Hillsboro Hops Lock Down New Coaching Staff For 2017

For the last two years of Single-A Short Season, the Hillsboro Hops have been under the capable hands of Manager Shelley Duncan. An experienced MLB outfielder, designated hitter, and first baseman, Duncan was new to his management career when the Arizona Diamondbacks organization hired him for the farm team. In his debut season in 2015, Duncan led the Hops to a Northwest League championship. Duncan has been popular in Hillsboro, with his aggressive and youthful attitude sparking late-in-the-game rallies and his successful batting career serving as inspiration to young players.

But, as any minor league fan can attest, baseball is a game of perpetual professional motion. Duncan has earned a manager position with a higher profile team within the Diamondbacks system, the Visalia Rawhide in California’s Advanced-A league. Much in the way Single-A baseball is a farm system that develops player talent for the big show, it is also a farm for coaching staff.

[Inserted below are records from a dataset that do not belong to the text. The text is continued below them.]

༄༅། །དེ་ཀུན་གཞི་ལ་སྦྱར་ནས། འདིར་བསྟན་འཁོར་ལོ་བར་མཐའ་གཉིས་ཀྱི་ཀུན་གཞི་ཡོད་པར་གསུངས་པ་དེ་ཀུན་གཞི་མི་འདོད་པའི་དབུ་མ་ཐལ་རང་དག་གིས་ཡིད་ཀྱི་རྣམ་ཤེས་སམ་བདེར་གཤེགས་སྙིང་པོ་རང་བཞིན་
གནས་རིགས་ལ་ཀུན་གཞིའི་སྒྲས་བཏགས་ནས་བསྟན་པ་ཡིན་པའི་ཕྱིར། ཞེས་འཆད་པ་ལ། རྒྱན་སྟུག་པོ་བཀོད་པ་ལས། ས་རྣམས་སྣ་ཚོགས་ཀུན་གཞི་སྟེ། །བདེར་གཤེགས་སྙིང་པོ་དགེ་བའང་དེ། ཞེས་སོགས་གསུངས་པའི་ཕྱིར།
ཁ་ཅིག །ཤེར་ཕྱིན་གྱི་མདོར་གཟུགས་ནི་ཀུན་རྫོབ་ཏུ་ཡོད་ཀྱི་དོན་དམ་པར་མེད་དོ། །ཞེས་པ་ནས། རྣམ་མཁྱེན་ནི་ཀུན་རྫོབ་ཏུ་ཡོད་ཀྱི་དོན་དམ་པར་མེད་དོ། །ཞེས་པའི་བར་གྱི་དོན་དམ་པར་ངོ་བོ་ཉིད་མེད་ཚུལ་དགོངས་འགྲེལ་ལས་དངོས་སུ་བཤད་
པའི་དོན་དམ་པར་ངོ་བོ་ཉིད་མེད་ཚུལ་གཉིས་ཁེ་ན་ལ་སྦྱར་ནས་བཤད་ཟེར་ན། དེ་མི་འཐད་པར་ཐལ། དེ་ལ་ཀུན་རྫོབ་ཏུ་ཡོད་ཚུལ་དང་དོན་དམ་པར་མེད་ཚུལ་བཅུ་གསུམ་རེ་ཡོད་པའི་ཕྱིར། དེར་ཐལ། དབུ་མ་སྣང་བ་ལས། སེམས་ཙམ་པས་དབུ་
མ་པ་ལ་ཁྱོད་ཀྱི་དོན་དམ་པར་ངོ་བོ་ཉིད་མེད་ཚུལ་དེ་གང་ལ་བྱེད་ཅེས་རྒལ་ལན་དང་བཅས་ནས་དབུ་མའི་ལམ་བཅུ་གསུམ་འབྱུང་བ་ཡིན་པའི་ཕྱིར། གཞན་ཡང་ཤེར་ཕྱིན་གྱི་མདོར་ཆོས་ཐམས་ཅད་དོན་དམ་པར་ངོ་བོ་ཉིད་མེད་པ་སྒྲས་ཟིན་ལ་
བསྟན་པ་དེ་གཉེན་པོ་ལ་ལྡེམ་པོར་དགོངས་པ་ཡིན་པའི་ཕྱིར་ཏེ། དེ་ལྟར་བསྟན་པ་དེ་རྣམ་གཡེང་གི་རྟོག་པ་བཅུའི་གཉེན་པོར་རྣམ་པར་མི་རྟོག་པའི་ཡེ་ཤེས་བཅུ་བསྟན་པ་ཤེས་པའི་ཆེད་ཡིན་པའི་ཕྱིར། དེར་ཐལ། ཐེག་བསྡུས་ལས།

The next man to lead the Hillsboro Hops when they kick off the 2017 season will be Shawn Roof, a former infielder who started his career in the Detroit Tigers system after being drafted in the 33rd round in 2007. Roof played as high as Triple-A for the Toledo Mudhens in his 2010 season, but decided to pursue a coaching position beginning in 2013. After two seasons with the Orioles organization and one season as an assistant coach at Indiana University, he joined the D-backs system and coached in the Midwest League. Just as Duncan before him, this switch to Hillsboro will be Roof’s debut as a Manager.

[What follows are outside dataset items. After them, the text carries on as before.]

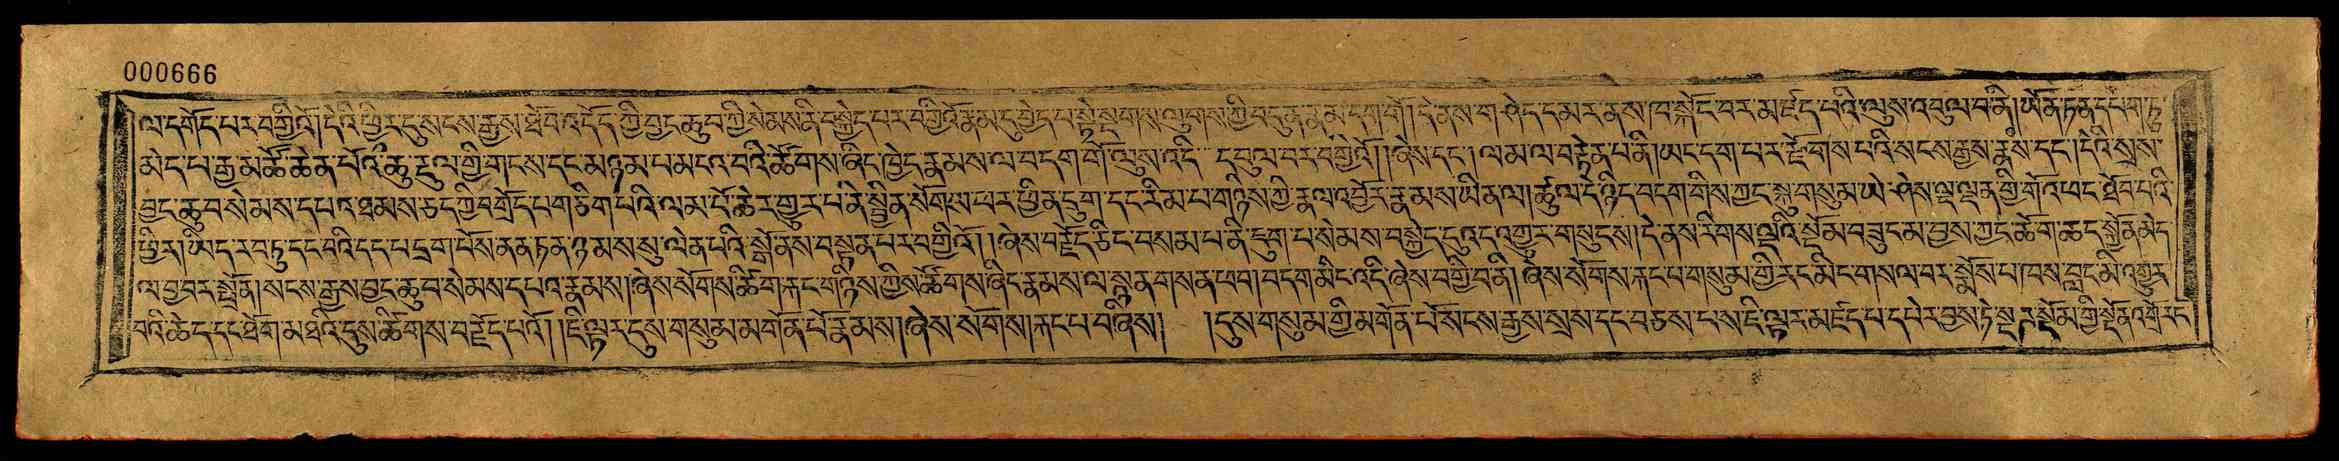ལ་དགོད་པར་བགྱིའོ། །དེའི་ཕྱིར་དུ་སངས་རྒྱས་ཐོབ་འདོད་ཀྱི་བྱང་ཆུབ་ཀྱི་སེམས་ནི་བསྐྱེད་པར་བགྱིའོ་སྙམ་དུ་བྱེད་པ་སྟེ་སྔགས་ལུགས་ཀྱི་བདུན་རྣམ་དག་གོ །དེ་ནས་གཤེད་དམར་ནས་ཁ་སྐོང་བར་མཛད་པའི་ལུས་འབུལ་བ་ནི། ཡོན་ཏན་དཔག་ཏུ་མེད་
པ་རྒྱ་མཚོ་ཆེན་པོའི་ཆུ་རྡུལ་གྱི་གྲངས་དང་མཉམ་པ་མངའ་བའི་ཚོགས་ཞིང་ཁྱེད་རྣམས་ལ་བདག་གི་ལུས་འདི་དབུལ་བར་བགྱིའོ། །ཞེས་དང་། ལམ་ལ་བརྟེན་པ་ནི། ཡང་དག་པར་རྫོགས་པའི་སངས་རྒྱས་རྣམས་དང་། དེའི་སྲས་བྱང་ཆུབ་སེམས་
དཔའ་ཐམས་ཅད་ཀྱི་བགྲོད་པ་གཅིག་པའི་ལམ་པོ་ཆེར་གྱུར་པ་ནི་སྦྱིན་སོགས་ཕར་ཕྱིན་དྲུག་དང་རིམ་པ་གཉིས་ཀྱི་རྣལ་འབྱོར་རྣམས་ཡིན་ལ། ཚུལ་དེ་ཉིད་བདག་གིས་ཀྱང་སྐུ་གསུམ་ཡེ་ཤེས་ལྔ་ལྡན་གྱི་གོ་འཕང་ཐོབ་པའི་ཕྱིར། ཡིད་རབ་ཏུ་
དྭད་པའི་དད་པ་དྲག་པོས་ནན་ཏན་ཉམས་སུ་ལེན་པའི་སྒོ་ནས་བསྟེན་པར་བགྱིའོ། །ཞེས་བརྗོད་ཅིང་བསམ་པ་ནི་འཇུག་པ་སེམས་བསྐྱེད་དུའང་འགྱུར་གསུངས། དེ་ནས་རིགས་ལྔའི་སྡོམ་བཟུང་མ་བྱས་ཀྱང་ཆོ་ག་ཆད་སྐྱོན་མེད་ལ་བྱ་བར་སྤྲོ་ན་
སངས་རྒྱས་བྱང་ཆུབ་སེམས་དཔའ་རྣམས། ཞེས་སོགས་ཚིག་རྐང་གཉིས་ཀྱིས་ཚོགས་ཞིང་རྣམས་ལ་སྙན་གསན་ཕབ། བདག་མིང་འདི་ཞེས་བགྱི་བ་ནི། ཞེས་སོགས་རྐང་པ་གསུམ་གྱིས་རང་མིང་གསལ་བར་སྨོས་པ་ཁས་བླང་མི་འགྱུར་བའི་
ཆེད་དང་ཐོག་མཐའི་དུས་ཚིགས་བརྗོད་པའོ། །ཇི་ལྟར་དུས་གསུམ་མགོན་པོ་རྣམས། ཞེས་སོགས་རྐང་པ་བཞིས། དུས་གསུམ་གྱི་མགོན་པོ་སངས་རྒྱས་སྲས་དང་བཅས་པས་ཇི་ལྟར་མཛད་པ་དཔེར་བྱས་ཏེ་སྔགས་སྡོམ་གྱི་སྔོན་འགྲོར་རང་

Roof, though young and fresh-faced, will have a fountain of experience from which to draw. He will likely have an easy time connecting to his players and keeping energy up. And his staff is grounded by decades of experience, with veteran pitching coach Mike Parrot returning for his second season with the Hops and new batting coach Franklin Stubbs stepping in. Stubbs is a World Series ringholder with over 20 years in the MLB, and joins the Hops after his first season as a coach in Missoula, Montana for the Pioneer League.

The Hops had an up-and-down season in 2016, sometimes allowing sedate performances at the mound and at bat until the game was on the line. It’s no stretch to assume the Diamondbacks executives and Hillsboro’s General Manager K.L. Wombacher purposefully entrust the team to younger men just starting their careers in management. Roof’s prime directive ought to be for the 2017 Hops to fire on all cylinders right from the start and keep a culture of fun and competitive stakes. A NWL season is a meaty experience all at once, with games virtually every day and unglamorous travel and accomodations. Hops fans have more than five months to wait for Roof’s performance.